Data augmentation for text (Recent paper)

Seems like this paper might be of interest/useful in the context of the fastai text augmentation.

EDA: Easy Data Augmentation Techniques for Boosting Performance on Text Classification Tasks

Jason W. Wei, Kai Zou

(Submitted on 31 Jan 2019)

We present EDA: easy data augmentation techniques for boosting performance on text classification tasks. EDA consists of four simple but powerful operations: synonym replacement, random insertion, random swap, and random deletion. On five text classification tasks, we show that EDA improves performance for both convolutional and recurrent neural networks. EDA demonstrates particularly strong results for smaller datasets; on average, across five datasets, training with EDA while using only 50% of the available training set achieved the same accuracy as normal training with all available data. We also performed extensive ablation studies and suggest parameters for practical use.

Oh, looks interesting! I’ll see what we can take of this.


I’m curious how you’re thinking of doing the replacement and swap augmentations… I’m about to do something similar for tabular data (porting a denoising autoencoder from fastai 0.7) and it uses swap noise for the input variables which I originally implemented as a custom dataloader.

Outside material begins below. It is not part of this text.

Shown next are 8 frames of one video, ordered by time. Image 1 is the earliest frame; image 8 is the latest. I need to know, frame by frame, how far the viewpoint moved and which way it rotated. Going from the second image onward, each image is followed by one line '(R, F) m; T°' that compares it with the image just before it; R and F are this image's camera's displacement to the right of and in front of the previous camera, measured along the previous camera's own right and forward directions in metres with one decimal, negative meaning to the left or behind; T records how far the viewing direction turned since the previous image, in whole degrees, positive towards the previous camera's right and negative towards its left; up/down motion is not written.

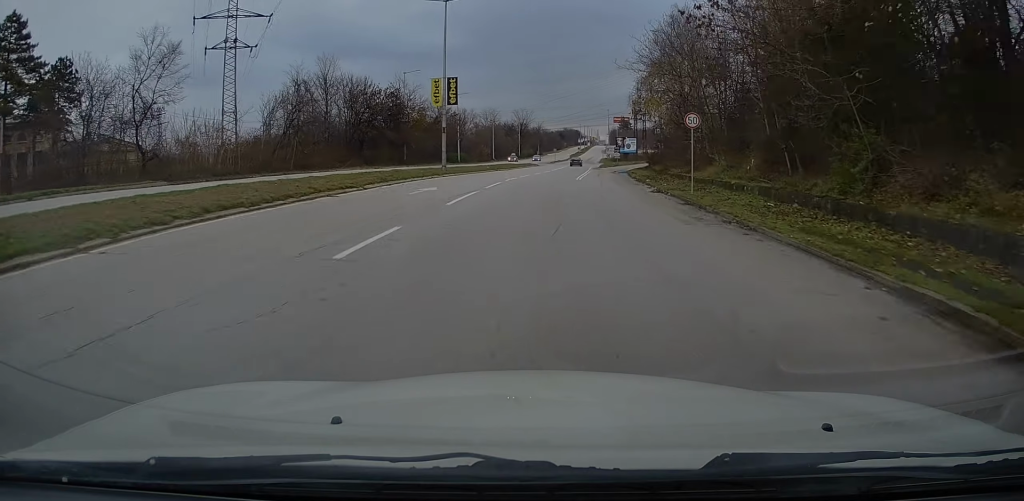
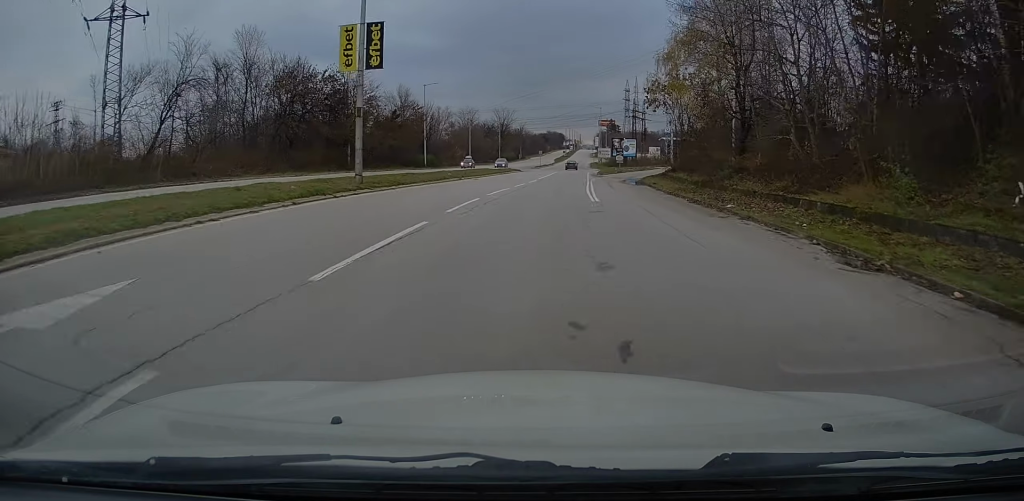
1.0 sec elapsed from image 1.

In my initial look at transforms I got the sense they’re designed to act on a single input and don’t have a sense of the set of inputs or of the other items in the batch. I’m thinking of integrating it into the model instead by swapping from within the batch, which I think will be a lot more efficient than doing it in the dataloader, but I definitely am interested in your perspective as I hope to eventually add it to the fastai codebase.